I would, however, particularly want to emphasise the importance of the military contribution that the UK can make – and indeed is making – to a number of missions. British armed forces have unparalleled expertise, built up over seven decades, in modern counter-insurgency. Very few militaries come to the UN with anything like that kind of experience, and given the conflicts into which UN missions are now deployed, that skillset is of critical importance. For example, in the mission in the Democratic Republic of the Congo, a small number [five] of UK staff officers made a big impact on the mission’s effectiveness. How much the UK can contribute inevitably has to be weighed against other priorities, but I would stress that the UK should not underestimate the value that it can bring to UN peacekeeping.
You were Deputy Head of MINUSCA, the UN mission in the Central African Republic (CAR), which has faced incredible challenges but also deserves credit for stopping potential atrocities.

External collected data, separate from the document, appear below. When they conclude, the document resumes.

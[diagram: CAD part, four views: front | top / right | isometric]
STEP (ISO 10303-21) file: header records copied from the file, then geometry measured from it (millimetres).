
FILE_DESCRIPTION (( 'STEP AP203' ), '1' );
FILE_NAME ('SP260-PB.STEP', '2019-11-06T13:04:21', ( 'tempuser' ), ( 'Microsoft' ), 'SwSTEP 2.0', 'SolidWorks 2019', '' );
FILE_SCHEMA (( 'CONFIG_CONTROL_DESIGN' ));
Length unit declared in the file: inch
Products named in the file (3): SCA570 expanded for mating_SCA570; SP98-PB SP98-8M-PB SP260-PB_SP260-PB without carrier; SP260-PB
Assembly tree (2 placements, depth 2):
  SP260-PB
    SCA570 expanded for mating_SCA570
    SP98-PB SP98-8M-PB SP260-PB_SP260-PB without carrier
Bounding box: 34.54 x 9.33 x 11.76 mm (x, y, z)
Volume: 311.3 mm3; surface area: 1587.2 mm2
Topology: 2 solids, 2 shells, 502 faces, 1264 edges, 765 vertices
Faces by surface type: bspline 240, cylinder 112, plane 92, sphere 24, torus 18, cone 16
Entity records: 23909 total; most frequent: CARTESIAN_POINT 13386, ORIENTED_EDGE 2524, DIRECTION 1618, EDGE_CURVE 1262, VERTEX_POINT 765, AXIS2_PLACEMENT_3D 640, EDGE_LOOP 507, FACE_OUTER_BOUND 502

Could you give us an overview of MINUSCA and what the future may hold for the mission and for CAR?
MINUSCA is indeed an incredibly challenging mission. Since the mid-1990s there have been around a dozen international engagements in CAR, and at least as many peace deals, and none has had a lasting impact. There are many contributing factors to the conflict: a very weak state and almost non-existent infrastructure; a plethora of armed groups, most of whom have no agenda other than personal enrichment; bad governance; predatory elites; and all this in a vast territory – CAR is the size of France and Belgium combined. It’s also a source of conflict minerals in a region scarred by war. In addition, regional movements of nomadic cattle herders into CAR’s lush pastureland each year also provoke tensions.
Since 2014 MINUSCA has focused on the west and the centre, where most of the population lives and which saw the greatest violence in 2013–15, and these regions are now much calmer though still fragile. Since mid-2016 there has been an upsurge in violence in the east, linked in part to the withdrawal of the African Union (AU) Regional Task Force, which was fighting the Lord’s Resistance Army.

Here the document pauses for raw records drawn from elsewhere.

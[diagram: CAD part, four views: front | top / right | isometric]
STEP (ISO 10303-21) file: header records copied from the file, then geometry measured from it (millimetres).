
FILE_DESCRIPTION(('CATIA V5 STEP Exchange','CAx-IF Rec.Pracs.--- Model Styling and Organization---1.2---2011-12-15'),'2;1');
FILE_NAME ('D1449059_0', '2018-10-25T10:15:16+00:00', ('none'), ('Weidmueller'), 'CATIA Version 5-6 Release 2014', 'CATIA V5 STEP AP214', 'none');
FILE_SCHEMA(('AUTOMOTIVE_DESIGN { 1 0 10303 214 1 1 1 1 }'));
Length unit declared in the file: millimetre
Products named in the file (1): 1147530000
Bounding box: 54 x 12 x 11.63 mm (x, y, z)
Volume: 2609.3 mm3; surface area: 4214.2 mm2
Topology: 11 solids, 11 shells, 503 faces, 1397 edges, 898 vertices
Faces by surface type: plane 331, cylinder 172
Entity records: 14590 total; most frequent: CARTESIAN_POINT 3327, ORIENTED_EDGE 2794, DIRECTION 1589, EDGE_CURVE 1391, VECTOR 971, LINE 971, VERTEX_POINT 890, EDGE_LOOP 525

Despite the difficulties, MINUSCA protects tens of thousands of civilians every day, and without the UN’s presence in CAR there would have been a genocide. Personally, I think that success in CAR hinges on whether those guilty of terrible crimes will be punished. It is critically important to support the work of the International Criminal Court and the CAR Special Criminal Court – their work is key to bringing the violence to an end.
How do women living in CAR view MINUSCA? How does that compare to your experiences in the Democratic Republic of Congo and Sierra Leone?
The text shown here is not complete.